Elections régionales : vers un report du scrutin en juin

Après avoir largement consulté, Jean-Louis Debré remettra ce vendredi à Jean Castex son rapport sur les élections régionales. Un consensus semble se dégager pour repousser de trois mois le scrutin.

 Initialement prévues en mars 2021, les élections régionales devraient être décalées.
Initialement prévues en mars 2021, les élections régionales devraient être décalées. LP / Olivier Corsan

Un consensus serait-il en train de se dessiner sur les élections régionales? De LFI au RN, en passant par EELV, le PS, LR et la majorité, si nul n'est sans n'est sans réserve, nul ne fait non plus barrage à l'hypothèse d'un report du scrutin en juin 2021 en raison de l'épidémie. C'est ce qui ressort des consultations menées par Jean-Louis Debré qui doit remettre ce vendredi, à 11h30, son rapport à Jean Castex. Telle était la mission de l'ancien président du Conseil constitutionnel : apaiser les débats, après les polémiques sur le maintien du premier tour des municipales et, celles plus vives encore, sur fond d'accusations de tripatouillage, provoquées en juin dernier par la proposition d'Emmanuel Macron de reporter les régionales.

« Nous avons interrogé près de 70 personnes, les présidents de l'Assemblée nationale et du Sénat, les chefs des partis politiques, des groupes parlementaires, les responsables des associations d'élus, énormément de scientifiques et puis un certain nombre de personnalités qui ont des responsabilités administratives comme le président du CSA », nous confie Jean-Louis Debré, auquel des élus de toute la France ont par ailleurs écrit.

«Si on peut aller au restaurant, on peut aller voter…»

Il a, dit-il, été « très agréablement surpris » par le ton de ces échanges. « A chaque fois, on a essayé ensemble de trouver des solutions », ajoute celui qui poursuivait la rédaction de son rapport ce jeudi. Jean Castex l'adressera aux chefs de partis, avec un courrier de sa plume demandant leurs avis sur son contenu. Le Premier ministre livrera ensuite sa décision. « Cela va être une question de jours, glisse un proche. Je ne pense pas qu'il y ait de surprise, juin fait consensus. »

Il n'empêche. Le paravent du consensus abrite bien des nuances. Car chacun reste sur ses gardes et l'arme au pied. Ainsi LR – comme le RN - prévient qu'il n'est pas question d'aller au-delà de juin. « J'ai vu longuement Jean-Louis Debré et je lui ai dit que si on peut aller au restaurant, on peut aller voter. Non à la main tremblante pour la démocratie. Mais, on peut envisager un report qui ne dépasse pas le mois de juin parce qu'il faut que la campagne électorale puisse se dérouler dans de bonnes conditions », nous fait savoir le président du Sénat, Gérard Larcher.

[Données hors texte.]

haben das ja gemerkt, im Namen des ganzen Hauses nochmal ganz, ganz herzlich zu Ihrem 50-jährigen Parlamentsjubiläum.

Certains présidents LR de région redoutent notamment une stratégie du « saut de puce » consistant à repousser les régionales en plusieurs fois pour mieux les enterrer. Idem côté PS - « LREM n'a pas cessé d'espérer renvoyer ce scrutin après la présidentielle, car c'est un scrutin à haut risque pour le président », dit Olivier Faure.

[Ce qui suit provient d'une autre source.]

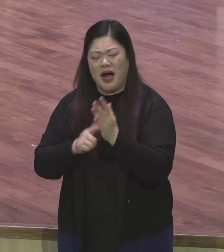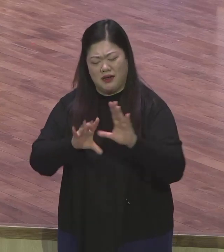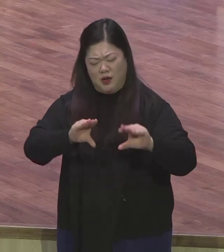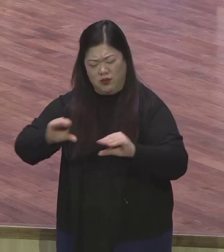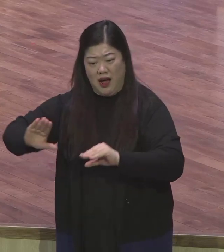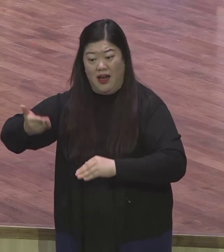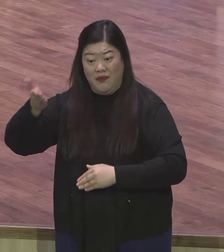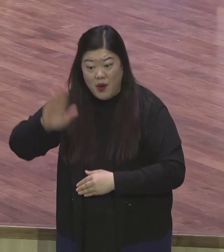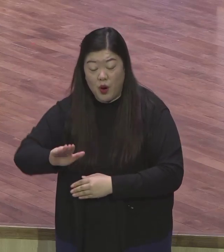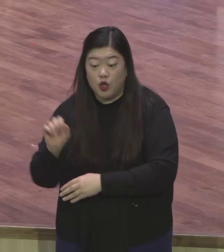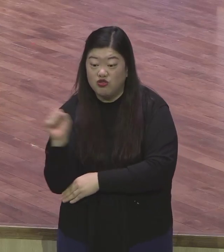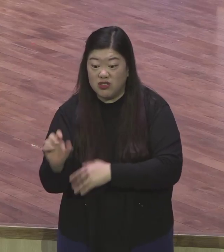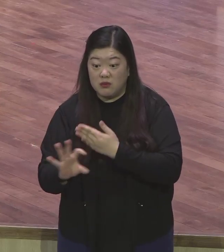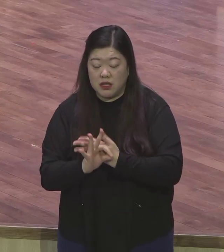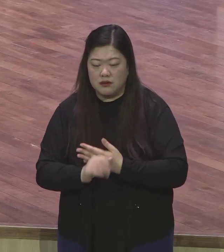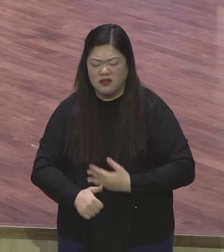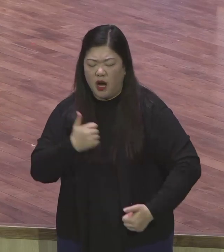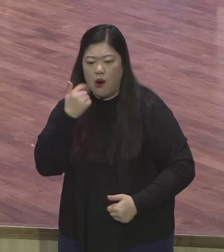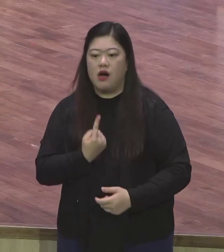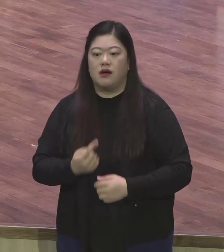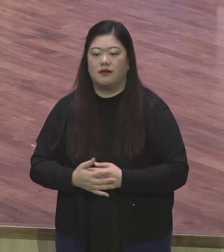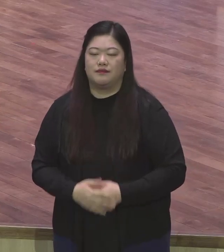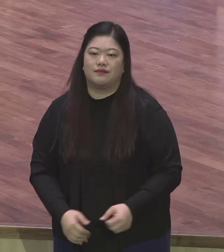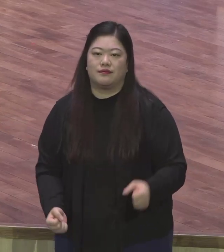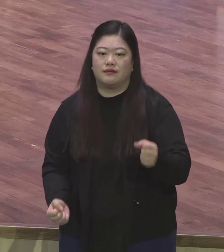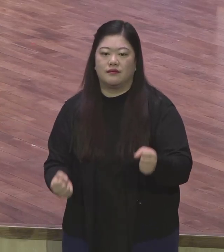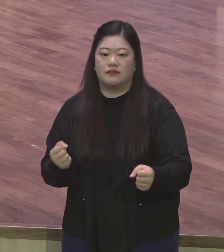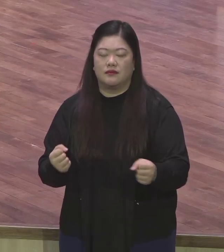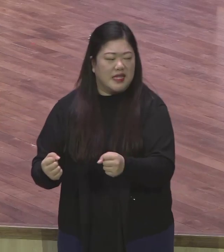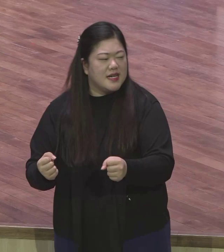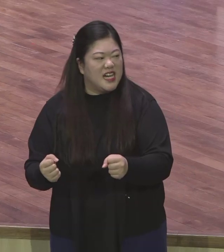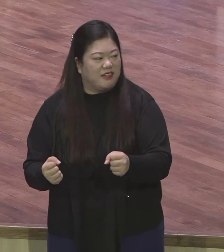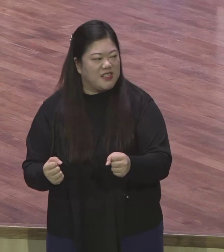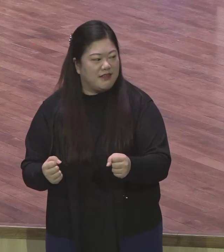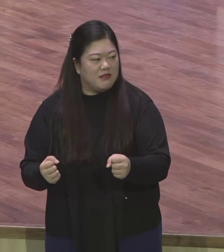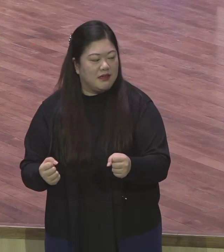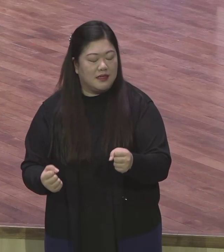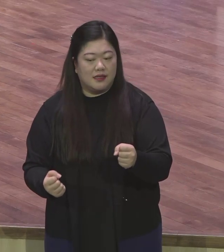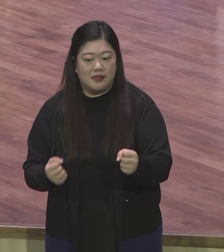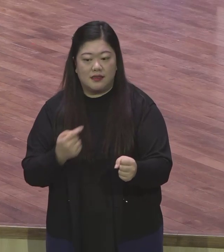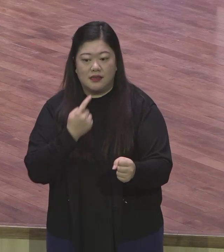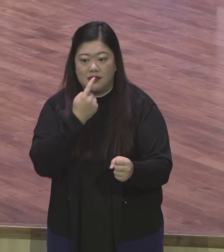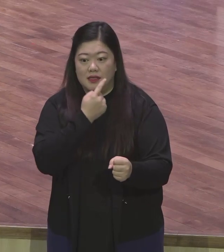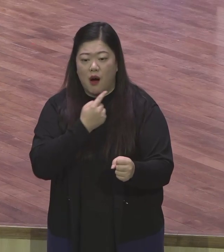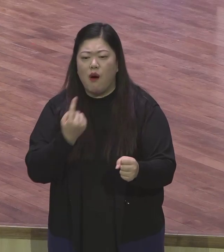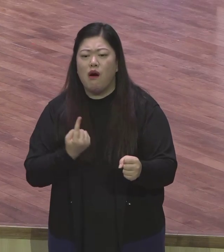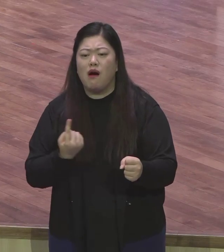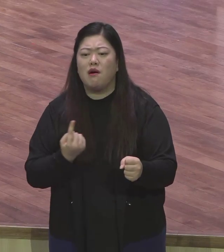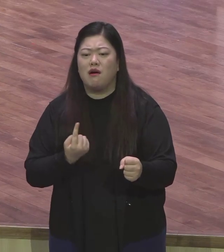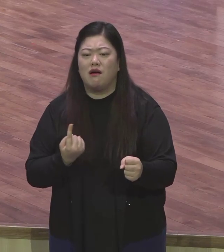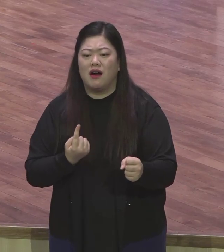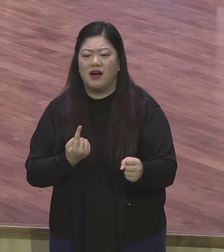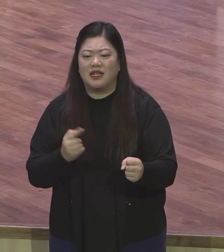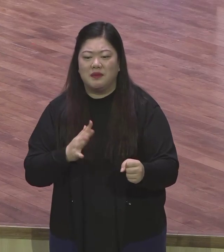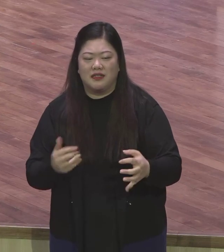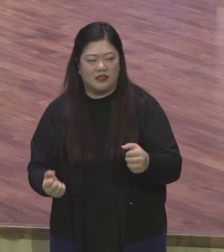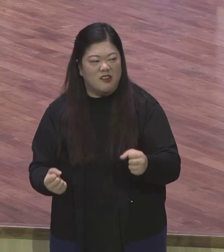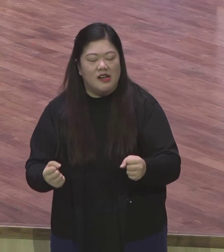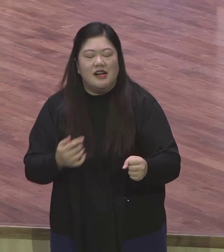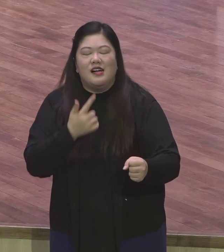욕도 막 해 그냥 운전대 잡으면 이상해져 그리스도 예수의 마음을 주시옵사사 이

Des modalités de campagne incertaines

« On entend cela depuis le début. S'il y a un consensus qui se fait sur la date de juin, j'estime qu'il faudra s'y tenir. L'incertitude ne fait pas bon ménage avec la démocratie et avec la tenue d'élections », balaie en retour le délégué général de LREM, Stanislas Guerini. Il reste que la méfiance est aussi de mise du côté de la majorité. « J'ai un cuisant souvenir des élections municipales, où nos opposants, notamment LR, se sont roulés par terre pour que les élections se tiennent, et nous ont ensuite reproché de les avoir tenues. S'ils ne se comportent pas de façon responsable, eh bien on fera les régionales en mars! », tonne le président du groupe MoDem à l'Assemblée, Patrick Mignola, qui a exposé ses réserves à Jean-Louis Debré : « Il vaudrait mieux mars pour qu'on parle des régions. Si on les repousse à juin, on risque d'être un peu pollués par le débat présidentiel. »

La date du scrutin fixée, restera, estime Guerini, à travailler « sur les modalités de la campagne ». En début de semaine, sur France Info, l'Insoumis Adrien Quatennens s'est par avance inquiété, en cas de nouvelle vague, de la possibilité de mener une véritable bataille électorale. Sans compter que le débat monte (y compris dans la majorité) sur le vote par correspondance. Autant dire que les discussions sont loin d'être closes.